She never was secure in her father’s love, ever looking for his approval, even into her adulthood. Any earnings she made went to them – 90% of her wages for years. Meanwhile, she counted slices of bread and shared a one bedroom apartment with five other young pre-professional women working hard for their break into the corporate scene. The idea was that the parents were using the money to invest in her future. (It was always more about investing for the future – for a better life… in the future.)
She eventually found a man who wanted to marry her, devote his life to her. He crosses the ocean to be with her, ringing in his ears the voices of disapproval of his own family. She went for it: got married. It’s what people do.
But her father didn’t seem to welcome this new person in his daughter’s life. This new person curbed the daughter’s attention for her father. The father had his own wife, but he never fully surrendered himself to it, always hanging on the outside of his own potential life. His wife, the mother, was loving and devoted – although at times, she wasn’t sure why – but he kept her at arm’s length: the power of this love was just too much to handle, too much to reciprocate. A daughter’s devotion, on the other hand, can be modulated, manipulated.
The father expressed his disfavour for the daughter’s husband: he was of ‘low-birth’; his business wasn’t white-collar; he didn’t provide his daughter the lifestyle she was entitled to. And perhaps, on some level, he recognized in this man the same limitless devotion he saw in his own wife. It’s something to distrust and fear. It’s something one cannot rely on. Money. Material goods.

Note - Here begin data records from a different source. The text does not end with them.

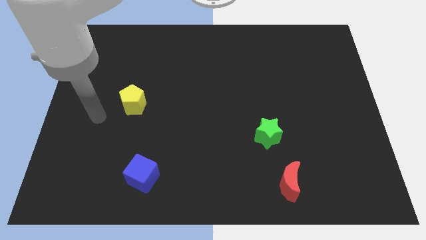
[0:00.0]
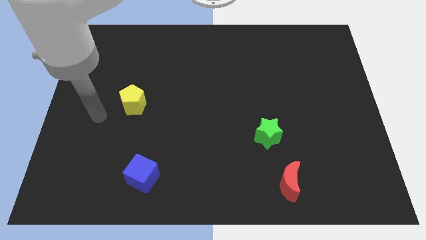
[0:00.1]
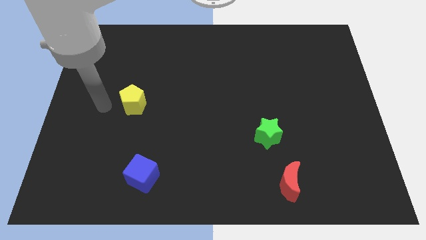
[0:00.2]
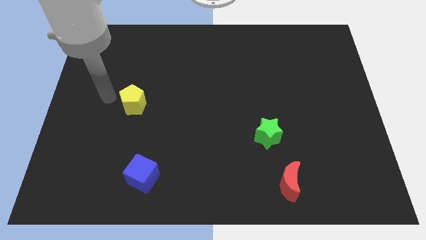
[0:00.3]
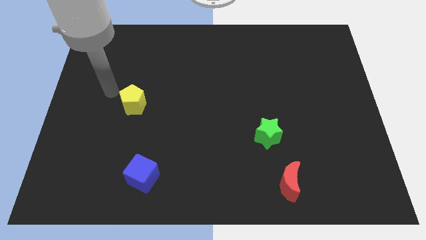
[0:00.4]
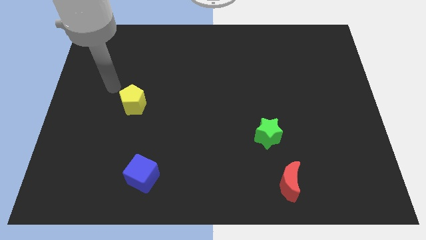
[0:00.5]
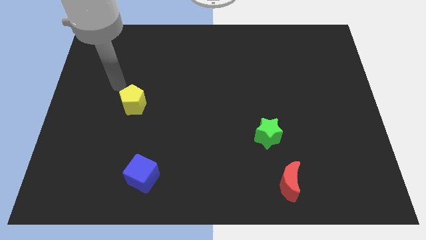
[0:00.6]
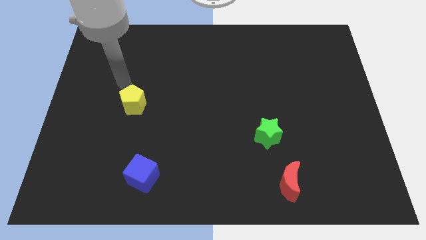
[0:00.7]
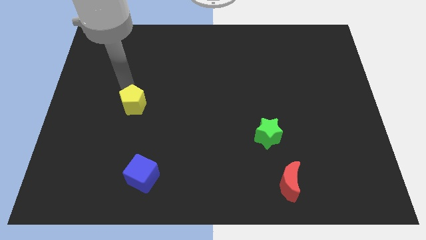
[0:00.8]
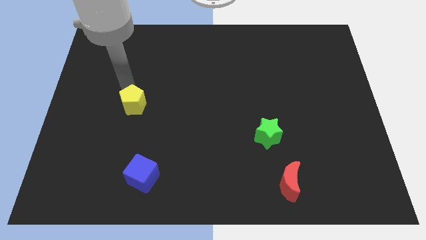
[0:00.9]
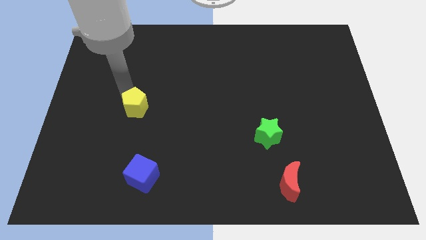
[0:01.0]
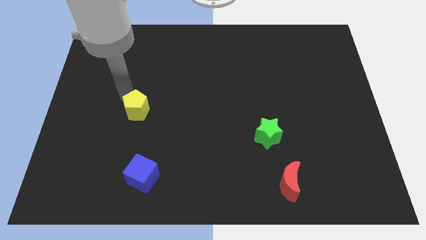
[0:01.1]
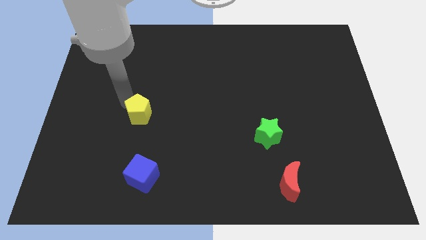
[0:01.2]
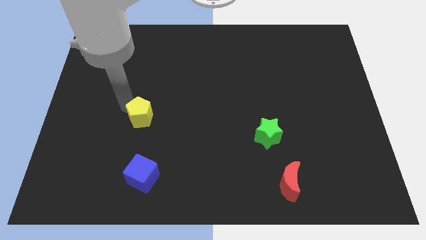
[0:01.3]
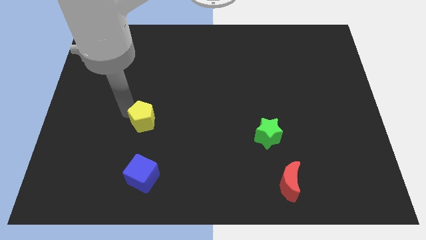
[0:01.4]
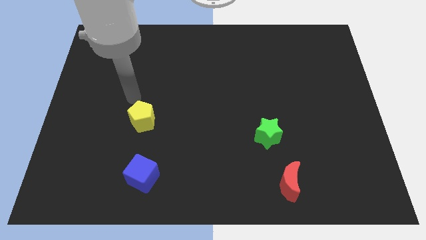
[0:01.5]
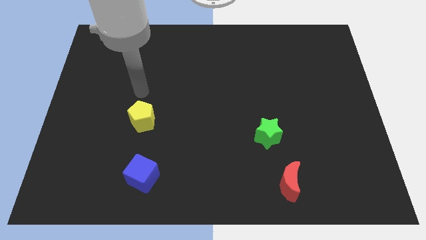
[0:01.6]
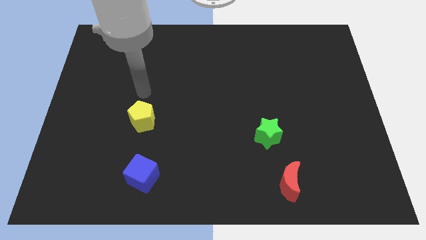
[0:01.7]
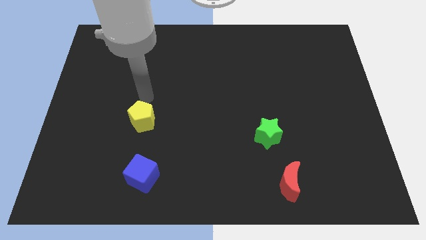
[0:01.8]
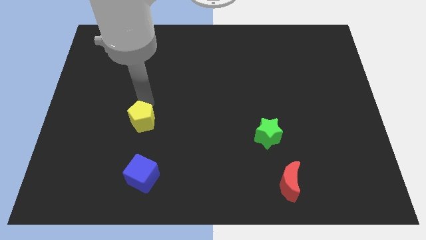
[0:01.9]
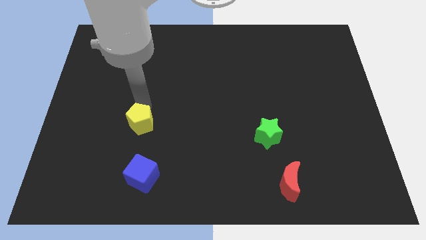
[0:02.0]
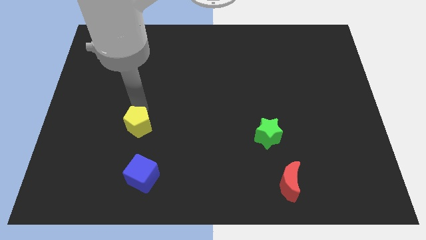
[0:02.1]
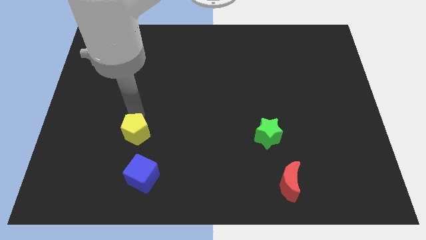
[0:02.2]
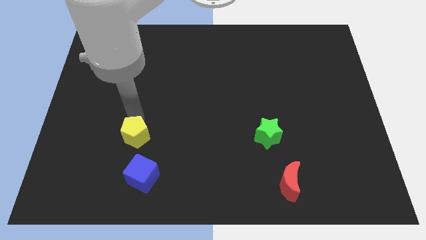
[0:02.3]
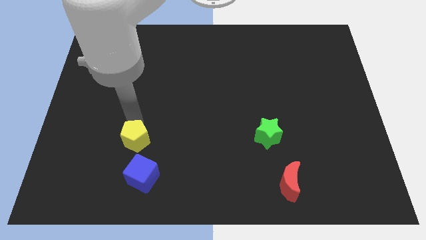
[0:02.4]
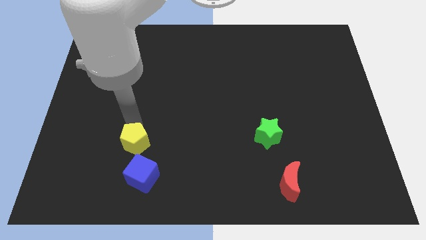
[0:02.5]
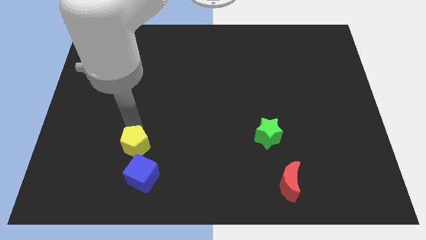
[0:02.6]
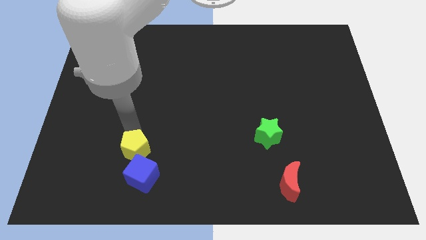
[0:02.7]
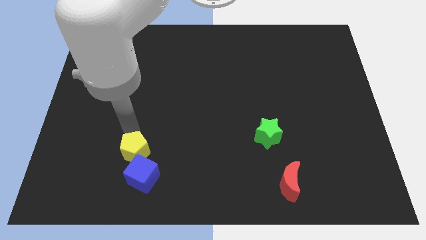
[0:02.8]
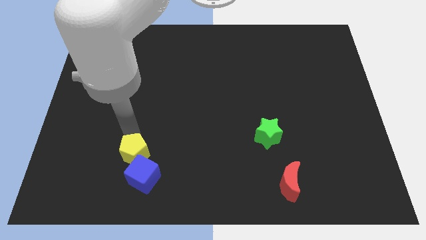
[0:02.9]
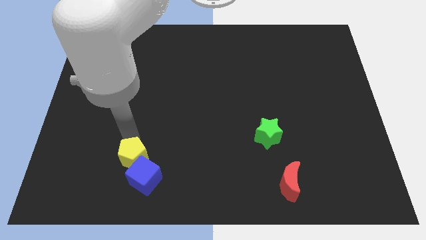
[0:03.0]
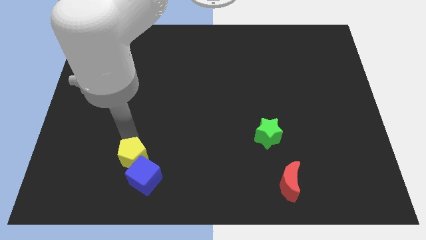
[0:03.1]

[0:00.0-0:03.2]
move the yellow pentagon next to the cube

They are secure. You can rely on them. They’re what will get you through life.
The daughter wasn’t strong enough to withstand her father’s blows to her life. She starts to turn on her husband, the one who left everything just to love her. She became a ruthless critic herself. Nothing he did could ever be good enough. He becomes despondent: is this where my faith led me? Is this how faith disappoints in the end? Faith, he learns, is a lie; it’s not rewarded. He turns angry. He fights back in his not-so-passive ways. The marriage, after only a few years, is obliterated. The possibility for repair is completely unforeseeable.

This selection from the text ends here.